And so it seems that nearly everyone has a stake in keeping the waters calm. The dead girls had to go and get themselves murdered, just when the deal’s about to go through? How inconsiderate. Yes, their killer should be found and brought to justice; but that can wait until the big dogs have signed on the dotted line.  Prosperity is just around the corner. A scandal might ruin everything, and Parker refuses to cooperate, insisting on justice for the murdered children. The nerve of him.

Connolly’s signature elements—the malign, solipsistic, endlessly greedy local bourgeoisie; the poignance of Parker’s grief and his communication with his dead family; and the fast paced, complex plot with a zillion characters and some snappy banter are all here in spades. As usual, his writing style is literary, and so this may not be the best choice for someone whose mother tongue is not English.

As always, highly recommended. This is indisputably one of the year’s best. As for me, I’ll be keeping an eagle eye out for the 19th Parker book, because nobody else writes like this.

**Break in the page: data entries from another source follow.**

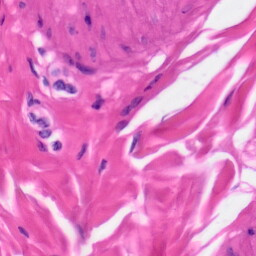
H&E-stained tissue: Skin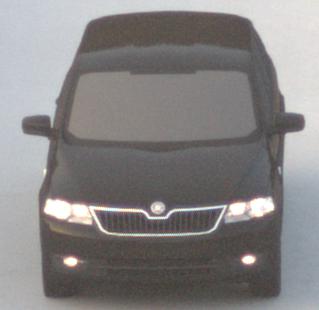
Make: Skoda
Model: Rapid Spaceback 1.2 TSI
Detailed model: Rapid Spaceback
Model produced from: 2013/10
Model produced until: 2015/04
Doors: 5
Color: black
Road condition: dry road
Daytime: sunrise or sunset
Contrast: low contrast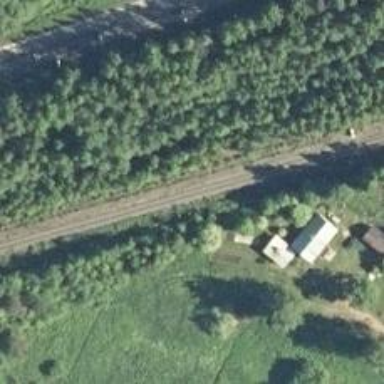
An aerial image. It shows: Continuous railway track.

One by One, by Ruth Ware*****

We can’t party this Halloween, but I have the perfect pandemic book for you. Ruth Ware has been called the modern Agatha Christie, and her latest mystery, One by One, is like a modern version of Dame Agatha’s And Then There Were None. There are plenty of differences, naturally, so you won’t be able to figure out the ending. Personally, I think it’s Ware’s best book to date, and when you curl up with it tomorrow, you’ll forget about your usual Halloween activities. Get your bag of treats, the beverage of your choice, and your favorite quilt, and you’re good for the evening.

 Big thanks go to Net Galley and Gallery Books for the review copy. This book is for sale now.

Erin and Danny work for a resort company, running a European ski chalet that caters to small companies and the well-to-do. A start-up company called Snoop schedules a retreat, but no sooner have the loud, entitled Snoopers disembarked and gone skiing, than an immense avalanche thunders down, leaving the vacationers stuck. Nobody can get cell service; everyone is grumpy. And one of them hasn’t come back from the slopes.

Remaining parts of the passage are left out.